Fijaos, por ejemplo, en lo que pasó ayer en mi vuelo de regreso de Londres. Acababa de entrar en la cabina de primera clase del Air India 777, ataviada con mi chaqueta Versace color verde botella recién estrenada, unos tejanos ceñidos con un cinturón tachonado y unas gafas oscuras de Dior. Me instalé en mi asiento —el 1A, como siempre—, y deposité mi bolso de piel de cocodrilo de Louis Vuitton en el asiento de al lado, el 1B, vacío como siempre. Desde que tuve aquel desafortunado incidente en el vuelo a Dubai con un pasajero borracho que intentó toquetearme, hago que mis productores me reserven y paguen dos asientos de primera clase, uno para mí y el otro para mi intimidad. Me quité mis Manolos, saqué el iPod, me coloqué los auriculares y me relajé. He descubierto que ponerme los auriculares es la mejor manera de mantener a raya a los fans pesados y a las azafatas y pilotos que van en busca de autógrafos. Los auriculares me permiten observar mi entorno, y me eximen de la necesidad de reaccionar ante él.

Bueno, pues ahí estaba yo, inmersa en mi ecosistema digital privado, cuando entró la azafata acompañada de otra mujer, y seguidas ambas por un niño.

—Siento molestarla, Shabnamji[4] —exclamó la azafata con ese tono que utilizan cuando quieren pedirle un favor a un pasajero, como por ejemplo que se cambie de asiento—. La señora Daruwala tiene algo muy importante que decirle.

Le eché un vistazo a la señora Daruwala. Era exactamente igual que las señoras parsis de las películas: grande, de piel clara y guapa. Vestía un sari color fucsia y olía a polvos de talco. Sin duda iba en turista.

—Shabnamji, oh Shabnamji, qué honor para nosotros conocerla —dijo con un efusivo sonsonete.

Puse una expresión educada pero distante, con la que pretendo transmitir lo siguiente: «Usted no me interesa, pero la tolero, así que abrevie.»

—Éste es mi hijo, Sohrab. —Señaló al muchacho, que llevaba un traje azul completo que le sentaba mal y una pajarita—. Sohrab es su mayor fan. Ha visto todas y cada una de sus películas.

Enarqué las cejas. La mitad de las películas que he hecho han recibido la calificación de sólo para adultos. De manera que o la madre mentía o el niño era un enano.

La cara de la señora Daruwala adquirió una expresión grave.

—Por desgracia, mi querido Sohrab padece leucemia crónica. Cáncer de la sangre. Le estamos tratando en el Sloan-Kettering de Nueva York, pero los médicos ya han tirado la toalla. Dicen que sólo le quedan unos pocos meses de vida. —Se le quebró la voz y las lágrimas comenzaron a rodarle por las mejillas. Me di cuenta de que el guión había cambiado, e inmediatamente pasé a la expresión de Mujer Bondadosa y Solícita, la que utilizo cuando hago esas visitas publicitarias a enfermos de cáncer y a la residencia para pacientes del sida.

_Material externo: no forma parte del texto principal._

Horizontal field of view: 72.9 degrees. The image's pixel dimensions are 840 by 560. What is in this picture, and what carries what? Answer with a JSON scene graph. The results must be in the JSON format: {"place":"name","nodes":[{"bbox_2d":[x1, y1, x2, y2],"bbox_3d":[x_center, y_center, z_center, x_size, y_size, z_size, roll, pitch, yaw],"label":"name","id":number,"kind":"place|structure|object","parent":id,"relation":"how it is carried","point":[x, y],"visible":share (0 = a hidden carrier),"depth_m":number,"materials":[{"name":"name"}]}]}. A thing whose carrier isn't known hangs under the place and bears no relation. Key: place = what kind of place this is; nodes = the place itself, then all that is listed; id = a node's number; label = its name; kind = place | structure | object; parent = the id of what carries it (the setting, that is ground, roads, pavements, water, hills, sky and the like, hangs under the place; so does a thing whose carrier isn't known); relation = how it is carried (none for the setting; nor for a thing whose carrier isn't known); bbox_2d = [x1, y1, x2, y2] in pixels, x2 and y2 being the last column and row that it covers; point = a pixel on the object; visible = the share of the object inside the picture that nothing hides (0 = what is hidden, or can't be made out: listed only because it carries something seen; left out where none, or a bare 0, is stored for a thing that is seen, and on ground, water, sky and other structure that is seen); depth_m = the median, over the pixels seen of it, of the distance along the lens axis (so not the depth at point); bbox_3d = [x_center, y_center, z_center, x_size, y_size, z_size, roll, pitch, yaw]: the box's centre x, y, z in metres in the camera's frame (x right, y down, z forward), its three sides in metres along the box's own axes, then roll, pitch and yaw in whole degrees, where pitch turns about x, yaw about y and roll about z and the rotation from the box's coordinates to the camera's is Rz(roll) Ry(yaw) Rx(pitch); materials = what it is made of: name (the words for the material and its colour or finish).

—Oh, lamento mucho oír eso. —Apreté la mano de la señora Daruwala y le dediqué una beatífica sonrisa a su hijo—. Sohrab, ¿te gustaría hablar conmigo? Ven, ¿por qué no te sientas a mi lado? —Quité el bolso del asiento adyacente y lo coloqué a mis pies.

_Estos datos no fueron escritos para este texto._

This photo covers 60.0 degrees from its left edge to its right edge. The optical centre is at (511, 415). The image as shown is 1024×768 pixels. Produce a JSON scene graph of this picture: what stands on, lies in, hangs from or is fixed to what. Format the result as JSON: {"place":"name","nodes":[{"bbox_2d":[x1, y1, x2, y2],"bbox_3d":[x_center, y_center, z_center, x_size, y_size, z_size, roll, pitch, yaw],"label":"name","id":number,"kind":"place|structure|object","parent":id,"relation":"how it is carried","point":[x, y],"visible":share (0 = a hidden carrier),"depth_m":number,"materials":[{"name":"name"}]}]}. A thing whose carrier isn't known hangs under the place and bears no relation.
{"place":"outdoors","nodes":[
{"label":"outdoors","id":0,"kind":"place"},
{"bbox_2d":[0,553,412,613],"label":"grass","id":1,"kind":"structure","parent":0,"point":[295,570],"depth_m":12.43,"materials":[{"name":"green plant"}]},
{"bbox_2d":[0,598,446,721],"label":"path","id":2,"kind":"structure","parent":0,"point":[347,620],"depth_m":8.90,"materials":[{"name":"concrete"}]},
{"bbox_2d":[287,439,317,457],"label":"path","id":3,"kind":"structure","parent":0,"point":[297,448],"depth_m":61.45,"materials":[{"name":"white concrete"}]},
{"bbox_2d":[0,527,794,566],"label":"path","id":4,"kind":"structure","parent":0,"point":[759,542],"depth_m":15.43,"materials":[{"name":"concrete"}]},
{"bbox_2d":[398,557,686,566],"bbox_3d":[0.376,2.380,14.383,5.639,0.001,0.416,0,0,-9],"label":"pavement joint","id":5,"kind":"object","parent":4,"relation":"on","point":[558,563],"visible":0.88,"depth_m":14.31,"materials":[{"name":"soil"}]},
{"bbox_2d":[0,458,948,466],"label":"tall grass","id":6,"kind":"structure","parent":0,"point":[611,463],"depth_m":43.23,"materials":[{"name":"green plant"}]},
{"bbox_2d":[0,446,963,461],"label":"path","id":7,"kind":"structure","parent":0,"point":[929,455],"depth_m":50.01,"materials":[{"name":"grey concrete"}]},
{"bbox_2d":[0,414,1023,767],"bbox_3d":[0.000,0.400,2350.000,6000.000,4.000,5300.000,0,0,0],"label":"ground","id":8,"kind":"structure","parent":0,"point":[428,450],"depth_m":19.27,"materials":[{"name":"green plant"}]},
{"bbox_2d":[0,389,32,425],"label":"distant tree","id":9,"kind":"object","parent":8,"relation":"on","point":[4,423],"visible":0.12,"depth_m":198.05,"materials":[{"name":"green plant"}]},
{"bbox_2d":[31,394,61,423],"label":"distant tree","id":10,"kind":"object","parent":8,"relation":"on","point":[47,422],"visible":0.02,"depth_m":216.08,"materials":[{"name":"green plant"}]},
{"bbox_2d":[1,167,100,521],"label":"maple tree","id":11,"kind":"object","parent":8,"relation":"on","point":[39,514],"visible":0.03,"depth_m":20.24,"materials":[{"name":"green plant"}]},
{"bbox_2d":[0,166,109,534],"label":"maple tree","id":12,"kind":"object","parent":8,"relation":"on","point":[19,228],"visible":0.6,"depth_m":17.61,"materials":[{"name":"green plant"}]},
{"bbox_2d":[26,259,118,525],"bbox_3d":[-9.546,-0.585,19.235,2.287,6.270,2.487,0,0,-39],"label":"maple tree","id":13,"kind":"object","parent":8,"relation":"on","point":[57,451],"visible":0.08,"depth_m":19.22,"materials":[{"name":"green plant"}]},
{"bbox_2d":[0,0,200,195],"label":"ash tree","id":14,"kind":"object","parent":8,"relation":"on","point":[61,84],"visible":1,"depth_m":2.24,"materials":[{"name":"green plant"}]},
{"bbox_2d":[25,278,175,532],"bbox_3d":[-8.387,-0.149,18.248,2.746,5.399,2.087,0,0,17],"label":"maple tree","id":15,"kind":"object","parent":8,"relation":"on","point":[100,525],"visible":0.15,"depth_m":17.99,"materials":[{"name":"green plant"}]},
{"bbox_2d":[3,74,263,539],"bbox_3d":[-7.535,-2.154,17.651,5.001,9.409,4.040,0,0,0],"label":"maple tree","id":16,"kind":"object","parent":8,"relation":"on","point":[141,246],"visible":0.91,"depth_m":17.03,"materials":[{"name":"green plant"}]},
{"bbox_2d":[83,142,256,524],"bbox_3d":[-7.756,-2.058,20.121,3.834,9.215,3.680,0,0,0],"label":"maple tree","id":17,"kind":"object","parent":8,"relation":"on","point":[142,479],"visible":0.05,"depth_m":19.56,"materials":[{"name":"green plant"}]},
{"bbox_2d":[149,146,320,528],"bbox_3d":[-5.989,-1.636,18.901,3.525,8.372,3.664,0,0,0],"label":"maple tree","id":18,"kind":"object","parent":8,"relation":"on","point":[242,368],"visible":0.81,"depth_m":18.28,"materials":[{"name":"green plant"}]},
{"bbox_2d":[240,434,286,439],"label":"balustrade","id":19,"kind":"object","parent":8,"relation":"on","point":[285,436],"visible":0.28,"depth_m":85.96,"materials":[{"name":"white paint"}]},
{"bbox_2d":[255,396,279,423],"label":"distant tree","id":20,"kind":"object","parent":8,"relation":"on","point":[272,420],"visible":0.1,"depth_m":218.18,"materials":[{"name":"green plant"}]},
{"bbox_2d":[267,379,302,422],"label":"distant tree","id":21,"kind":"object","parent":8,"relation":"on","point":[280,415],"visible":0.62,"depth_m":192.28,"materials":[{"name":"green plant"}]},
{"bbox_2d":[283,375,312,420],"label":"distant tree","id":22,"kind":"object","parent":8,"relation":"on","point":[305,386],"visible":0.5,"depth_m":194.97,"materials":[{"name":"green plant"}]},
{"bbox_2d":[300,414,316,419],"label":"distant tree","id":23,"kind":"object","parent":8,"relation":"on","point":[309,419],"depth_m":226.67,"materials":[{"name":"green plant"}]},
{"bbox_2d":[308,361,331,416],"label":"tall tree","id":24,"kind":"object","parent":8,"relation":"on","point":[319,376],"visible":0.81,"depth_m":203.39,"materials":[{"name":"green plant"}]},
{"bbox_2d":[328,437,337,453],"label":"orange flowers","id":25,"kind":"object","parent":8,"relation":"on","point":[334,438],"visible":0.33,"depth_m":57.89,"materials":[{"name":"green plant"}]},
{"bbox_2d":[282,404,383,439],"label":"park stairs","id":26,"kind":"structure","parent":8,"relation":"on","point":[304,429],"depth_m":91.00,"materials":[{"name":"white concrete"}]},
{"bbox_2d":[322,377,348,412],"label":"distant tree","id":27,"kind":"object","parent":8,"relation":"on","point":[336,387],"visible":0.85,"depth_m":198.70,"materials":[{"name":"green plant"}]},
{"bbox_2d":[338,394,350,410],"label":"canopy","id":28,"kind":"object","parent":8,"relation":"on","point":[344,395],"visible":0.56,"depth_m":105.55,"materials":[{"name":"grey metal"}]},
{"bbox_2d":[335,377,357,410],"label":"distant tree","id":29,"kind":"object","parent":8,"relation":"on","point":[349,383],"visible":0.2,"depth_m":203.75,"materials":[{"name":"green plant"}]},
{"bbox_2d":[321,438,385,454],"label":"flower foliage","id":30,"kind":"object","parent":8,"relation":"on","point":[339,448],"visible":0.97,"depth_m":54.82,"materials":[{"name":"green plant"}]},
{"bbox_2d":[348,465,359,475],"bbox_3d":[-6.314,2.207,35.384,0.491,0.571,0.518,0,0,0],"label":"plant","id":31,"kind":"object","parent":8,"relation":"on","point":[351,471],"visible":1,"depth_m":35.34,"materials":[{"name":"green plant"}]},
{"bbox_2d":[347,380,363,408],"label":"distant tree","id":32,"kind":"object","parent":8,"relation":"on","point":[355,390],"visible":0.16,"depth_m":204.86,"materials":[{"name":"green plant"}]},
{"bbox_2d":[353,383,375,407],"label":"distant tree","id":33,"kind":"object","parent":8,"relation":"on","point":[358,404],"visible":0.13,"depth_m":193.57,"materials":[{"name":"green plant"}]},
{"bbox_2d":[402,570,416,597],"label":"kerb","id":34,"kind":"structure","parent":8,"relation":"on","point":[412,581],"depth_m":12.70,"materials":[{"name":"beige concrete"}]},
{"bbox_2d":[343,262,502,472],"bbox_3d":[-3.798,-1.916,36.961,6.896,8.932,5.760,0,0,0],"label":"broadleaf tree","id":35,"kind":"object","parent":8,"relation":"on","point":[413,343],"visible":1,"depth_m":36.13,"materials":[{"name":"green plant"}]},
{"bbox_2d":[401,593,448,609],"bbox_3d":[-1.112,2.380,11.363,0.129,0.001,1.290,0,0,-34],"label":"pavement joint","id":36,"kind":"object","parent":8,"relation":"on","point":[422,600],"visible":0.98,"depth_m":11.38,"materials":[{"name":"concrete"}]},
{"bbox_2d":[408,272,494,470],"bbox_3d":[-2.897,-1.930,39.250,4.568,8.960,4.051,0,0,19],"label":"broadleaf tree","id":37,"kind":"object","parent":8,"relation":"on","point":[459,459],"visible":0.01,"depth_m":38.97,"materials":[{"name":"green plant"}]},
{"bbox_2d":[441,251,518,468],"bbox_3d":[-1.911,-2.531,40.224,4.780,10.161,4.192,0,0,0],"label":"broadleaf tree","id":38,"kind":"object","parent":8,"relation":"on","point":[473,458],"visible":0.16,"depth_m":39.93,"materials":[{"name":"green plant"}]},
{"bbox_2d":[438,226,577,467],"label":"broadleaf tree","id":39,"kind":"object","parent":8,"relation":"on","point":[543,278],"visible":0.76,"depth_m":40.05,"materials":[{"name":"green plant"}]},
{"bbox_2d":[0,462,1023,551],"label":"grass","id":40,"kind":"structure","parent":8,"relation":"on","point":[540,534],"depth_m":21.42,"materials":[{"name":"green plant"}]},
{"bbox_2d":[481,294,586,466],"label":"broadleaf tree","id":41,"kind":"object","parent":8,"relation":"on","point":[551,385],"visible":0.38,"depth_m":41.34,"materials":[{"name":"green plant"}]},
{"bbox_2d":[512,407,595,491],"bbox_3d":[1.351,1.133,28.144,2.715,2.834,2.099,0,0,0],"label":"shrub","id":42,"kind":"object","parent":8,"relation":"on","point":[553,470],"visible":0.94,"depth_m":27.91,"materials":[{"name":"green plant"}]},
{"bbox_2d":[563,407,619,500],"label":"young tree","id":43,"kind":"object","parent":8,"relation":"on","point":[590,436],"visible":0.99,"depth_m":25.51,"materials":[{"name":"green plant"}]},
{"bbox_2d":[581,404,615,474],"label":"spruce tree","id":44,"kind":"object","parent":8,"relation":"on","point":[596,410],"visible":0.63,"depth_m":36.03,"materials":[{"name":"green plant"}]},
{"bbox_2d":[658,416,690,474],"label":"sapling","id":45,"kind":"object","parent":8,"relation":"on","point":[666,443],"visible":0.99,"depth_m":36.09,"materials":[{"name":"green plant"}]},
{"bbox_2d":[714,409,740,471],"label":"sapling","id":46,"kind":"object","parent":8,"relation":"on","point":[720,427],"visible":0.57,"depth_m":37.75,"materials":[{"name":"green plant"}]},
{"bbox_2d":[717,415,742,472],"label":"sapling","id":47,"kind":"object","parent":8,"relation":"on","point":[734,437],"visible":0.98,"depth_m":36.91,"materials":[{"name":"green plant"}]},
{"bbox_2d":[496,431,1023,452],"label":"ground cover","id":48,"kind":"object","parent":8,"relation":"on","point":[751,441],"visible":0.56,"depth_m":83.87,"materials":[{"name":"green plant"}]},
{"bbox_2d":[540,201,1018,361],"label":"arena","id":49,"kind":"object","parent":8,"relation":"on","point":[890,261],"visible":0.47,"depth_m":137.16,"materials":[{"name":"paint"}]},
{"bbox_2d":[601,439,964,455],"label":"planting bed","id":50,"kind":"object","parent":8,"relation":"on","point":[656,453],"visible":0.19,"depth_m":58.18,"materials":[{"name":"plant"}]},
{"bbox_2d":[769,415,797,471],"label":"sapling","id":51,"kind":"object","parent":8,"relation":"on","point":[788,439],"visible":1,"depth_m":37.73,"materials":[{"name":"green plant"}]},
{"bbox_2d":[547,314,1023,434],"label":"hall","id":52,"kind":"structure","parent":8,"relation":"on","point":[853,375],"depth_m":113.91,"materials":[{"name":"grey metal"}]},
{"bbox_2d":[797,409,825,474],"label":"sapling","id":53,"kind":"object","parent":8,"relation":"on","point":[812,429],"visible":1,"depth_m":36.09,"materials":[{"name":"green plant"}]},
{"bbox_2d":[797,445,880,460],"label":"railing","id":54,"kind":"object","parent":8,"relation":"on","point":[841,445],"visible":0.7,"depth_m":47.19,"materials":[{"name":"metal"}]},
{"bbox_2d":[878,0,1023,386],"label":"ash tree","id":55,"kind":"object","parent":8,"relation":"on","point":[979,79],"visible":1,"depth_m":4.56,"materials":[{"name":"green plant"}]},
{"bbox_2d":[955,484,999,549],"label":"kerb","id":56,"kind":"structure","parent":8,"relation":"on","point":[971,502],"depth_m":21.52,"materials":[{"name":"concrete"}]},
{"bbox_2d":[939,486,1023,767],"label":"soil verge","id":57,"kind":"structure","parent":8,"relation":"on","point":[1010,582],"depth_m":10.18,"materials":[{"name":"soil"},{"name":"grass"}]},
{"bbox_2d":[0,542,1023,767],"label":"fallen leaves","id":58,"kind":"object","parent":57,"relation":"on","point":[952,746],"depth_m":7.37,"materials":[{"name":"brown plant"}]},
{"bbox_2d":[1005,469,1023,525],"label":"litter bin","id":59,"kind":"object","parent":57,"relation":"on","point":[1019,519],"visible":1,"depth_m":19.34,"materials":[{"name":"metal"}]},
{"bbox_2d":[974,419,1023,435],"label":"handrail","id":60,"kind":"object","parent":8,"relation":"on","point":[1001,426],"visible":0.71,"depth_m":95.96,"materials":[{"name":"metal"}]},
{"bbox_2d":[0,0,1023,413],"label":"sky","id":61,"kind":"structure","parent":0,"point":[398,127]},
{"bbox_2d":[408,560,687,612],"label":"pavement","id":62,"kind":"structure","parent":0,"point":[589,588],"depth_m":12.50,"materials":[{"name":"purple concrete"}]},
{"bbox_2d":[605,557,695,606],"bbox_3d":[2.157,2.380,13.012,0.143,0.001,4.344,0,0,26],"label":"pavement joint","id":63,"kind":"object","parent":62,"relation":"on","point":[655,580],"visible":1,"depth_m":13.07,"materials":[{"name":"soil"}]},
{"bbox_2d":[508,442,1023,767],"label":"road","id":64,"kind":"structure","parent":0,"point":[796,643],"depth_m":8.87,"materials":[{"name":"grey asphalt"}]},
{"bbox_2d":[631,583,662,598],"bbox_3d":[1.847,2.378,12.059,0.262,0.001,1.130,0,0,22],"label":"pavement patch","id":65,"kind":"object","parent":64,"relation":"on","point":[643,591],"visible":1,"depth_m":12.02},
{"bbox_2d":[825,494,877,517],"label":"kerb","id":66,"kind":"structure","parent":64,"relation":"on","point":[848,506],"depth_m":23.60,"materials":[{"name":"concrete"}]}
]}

Sohrab aceptó el ofrecimiento de inmediato, dejándose caer en el asiento 1B como si hubiera viajado toda la vida en primera clase.

—Mamá, ¿podrías dejarnos solos un rato? —dijo de manera perentoria con el mismo tono que utiliza un jefe para decirle a su secretaria que salga.

—Sí, por supuesto, hijo. Pero no molestes a Shabnamji. —La señora Daruwala se secó las lágrimas y me lanzó una sonrisa radiante—. Para él, esto es como un sueño hecho realidad. Concédale unos preciados minutos de su tiempo. Y le repito que lo siento. —A continuación regresó a su asiento.

Miré a Sohrab, que me contemplaba boquiabierto como si fuera un enamorado obsesivo. Su mirada fija era un tanto inquietante. Me pregunté en qué me había metido.

—Bueno, ¿cuántos años tienes, Sohrab? —pregunté para que se sintiera cómodo.

—Doce.

—Una edad estupenda. Estás aprendiendo mucho, y todavía te queda mucho por delante, ¿verdad?

—No me queda nada por delante, porque no cumpliré los trece. Dentro de tres meses estaré muerto —contestó con una cara totalmente inexpresiva, sin rasgo de emoción. Frankenstein no lo habría hecho mejor.

—Oh, no digas eso. Seguro que te pondrás bien —dije, y cariñosamente le di unos golpecitos en el brazo.

—No me pondré bien —replicó Sohrab—. Pero eso no es lo importante. Para mí lo importante es saber una cosa antes de morir.

—Sí, ¿qué quieres saber?

—Prométame que me contestará.

—Por supuesto. Prometido. —Le dediqué todo mi relumbrón. Las cosas ahora serían más sencillas, me dije. Soy una profesional a la hora de tratar con mis pequeños fans. Todo lo que quieren saber es el nombre de mi película preferida, mis proyectos futuros y si tengo planes para protagonizar alguna película con sus actores favoritos—. Adelante, Sohrab. —Chasqueé los dedos—. Lista para tu pregunta.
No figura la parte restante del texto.